## ASSIGNMENT
I'd like the full listing transcribed exactly, with no images included.
+===+
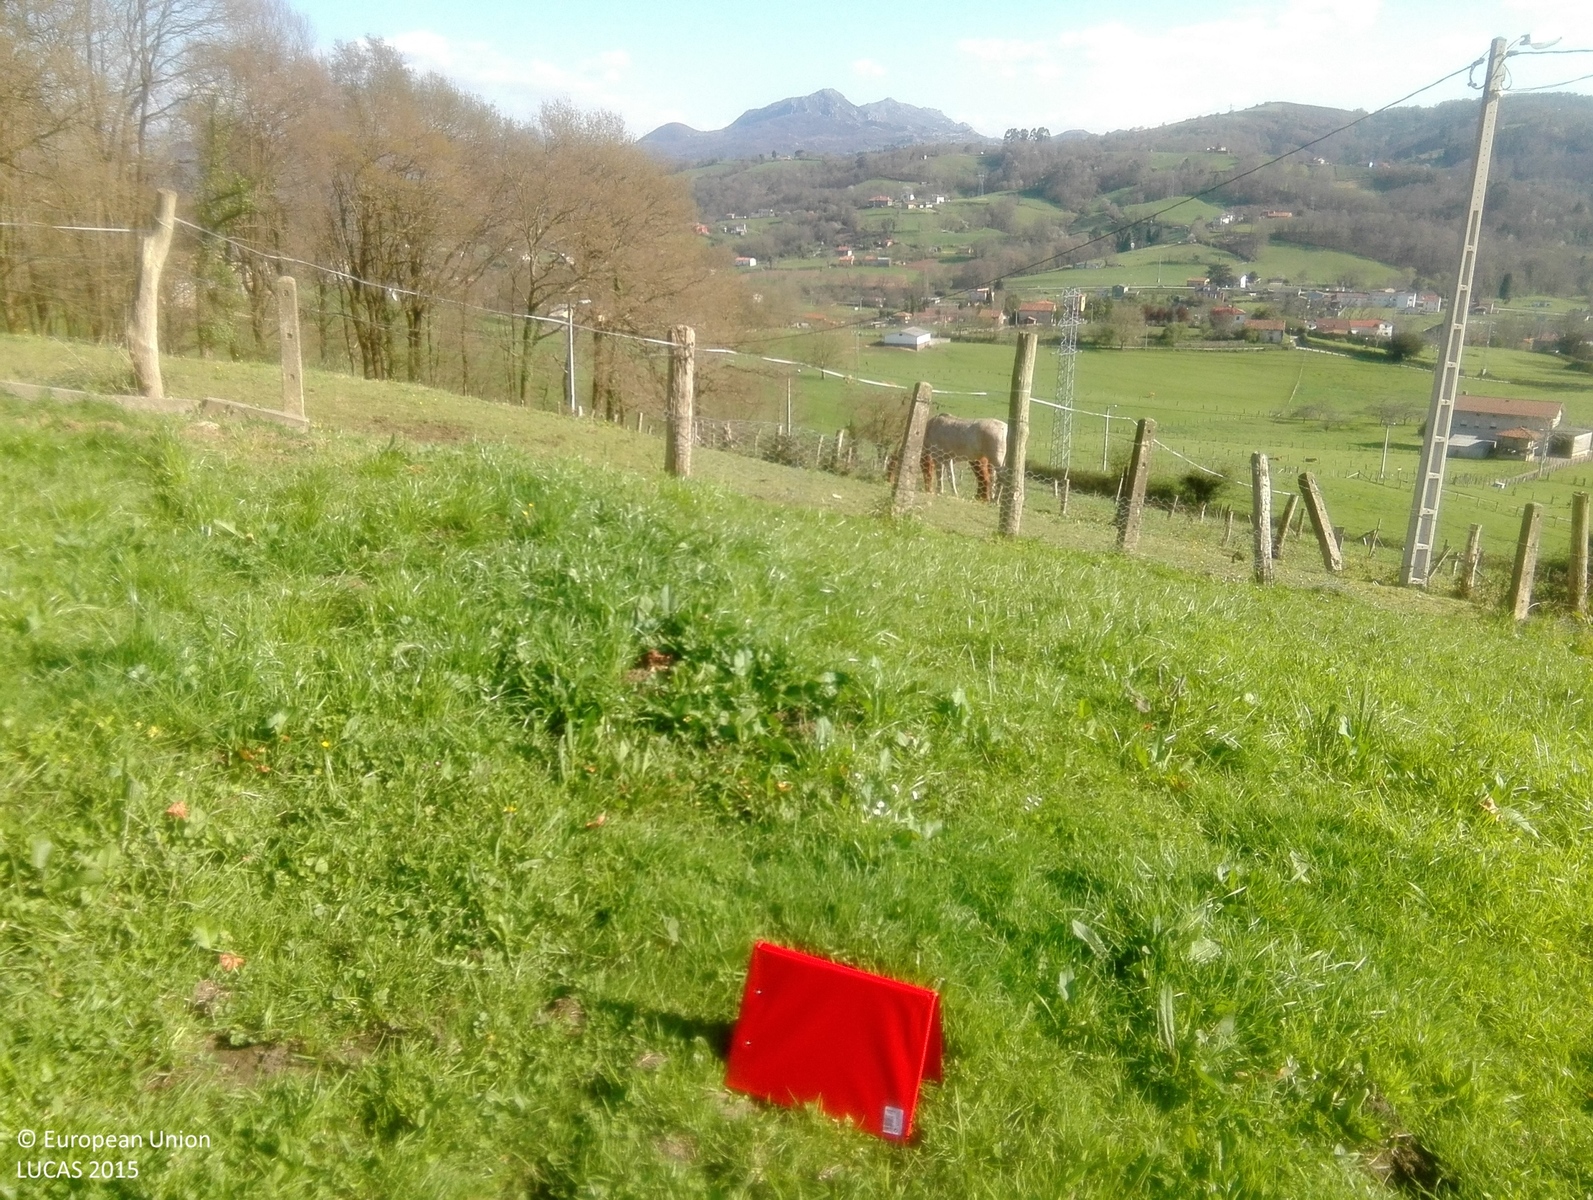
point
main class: Grassland
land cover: Grassland without tree/shrub cover
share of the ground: > 75 %
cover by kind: herbaceous plants 100 %
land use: Agriculture (excluding fallow land and kitchen gardens)
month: April
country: ES
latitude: 43.3862
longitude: -5.5740
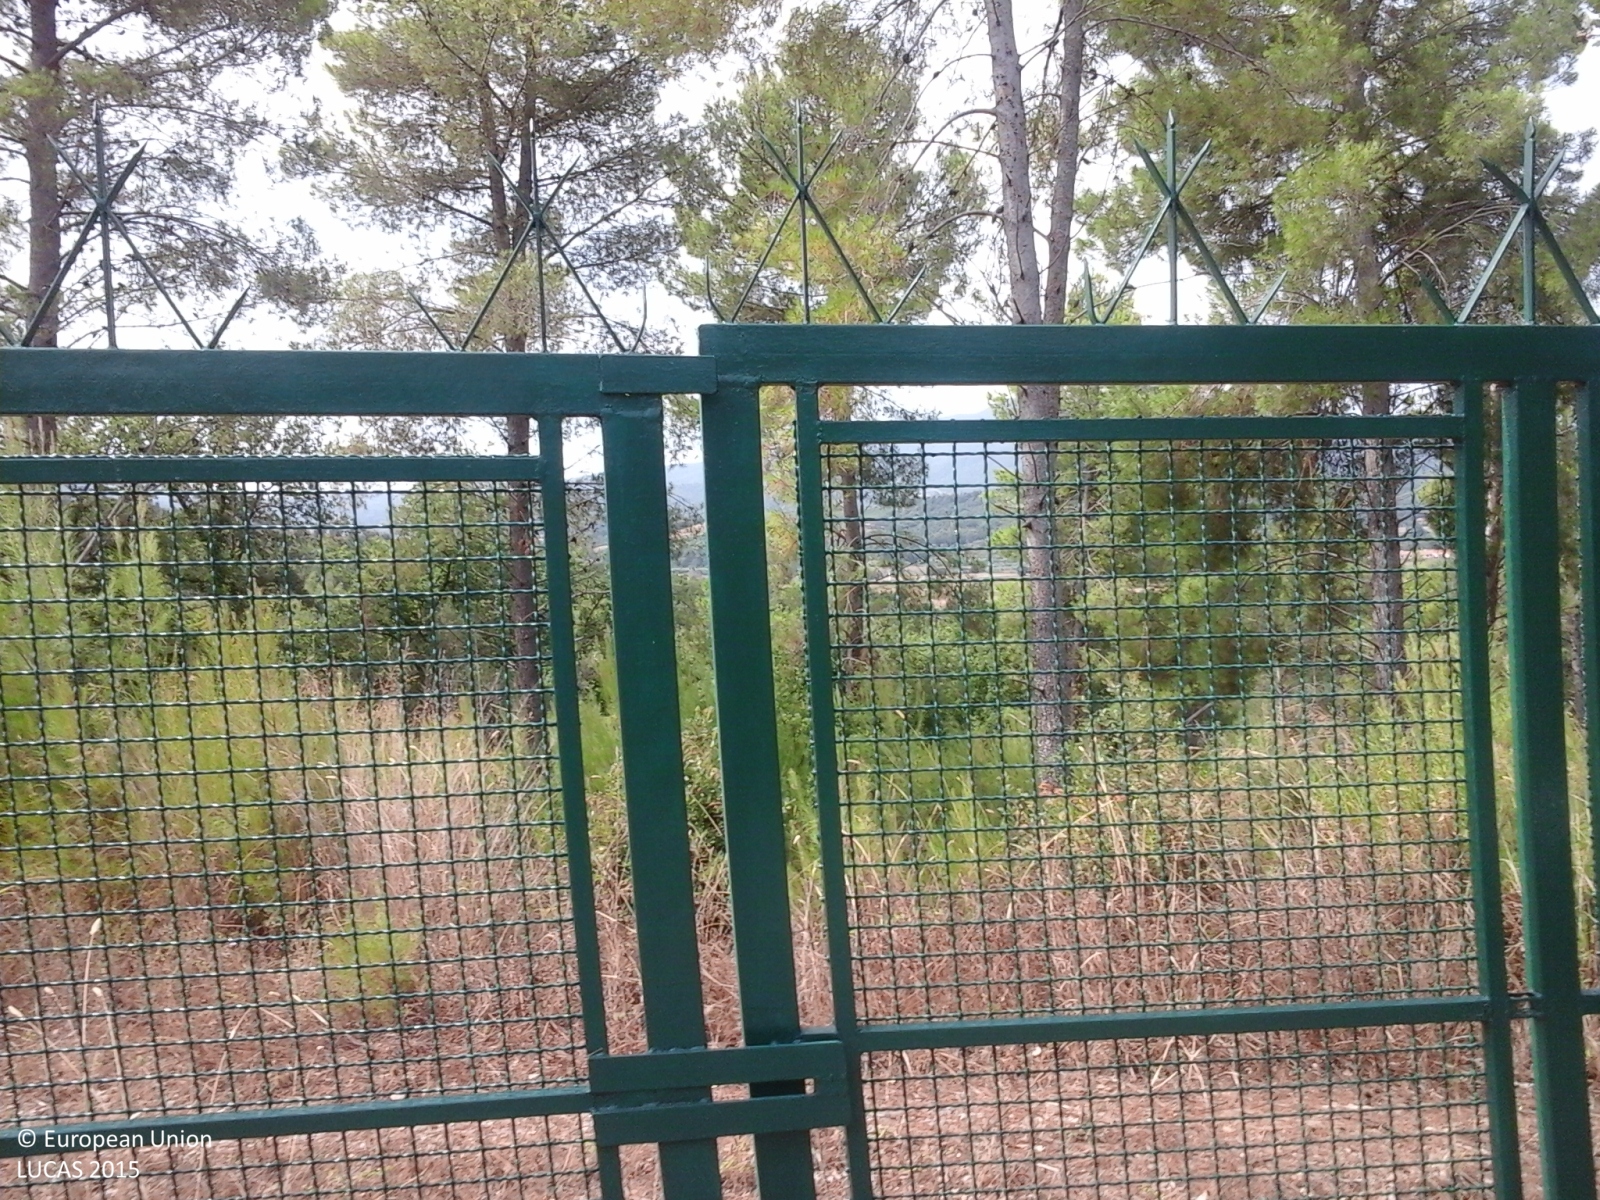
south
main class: Woodland
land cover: Broadleaved woodland
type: broadleaved evergreen forest
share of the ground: > 75 %
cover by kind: broadleaved forest trees 80 %, coniferous forest trees 20 %
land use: Forestry
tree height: > 5 m
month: August
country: IT
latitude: 42.9023
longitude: 10.9645
+===+
## RESPONSE AREA
point
main class: Grassland
land cover: Grassland without tree/shrub cover
share of the ground: > 75 %
cover by kind: herbaceous plants 100 %
land use: Agriculture (excluding fallow land and kitchen gardens)
month: April
country: ES
latitude: 43.3862
longitude: -5.5740
south
main class: Woodland
land cover: Broadleaved woodland
type: broadleaved evergreen forest
share of the ground: > 75 %
cover by kind: broadleaved forest trees 80 %, coniferous forest trees 20 %
land use: Forestry
tree height: > 5 m
month: August
country: IT
latitude: 42.9023
longitude: 10.9645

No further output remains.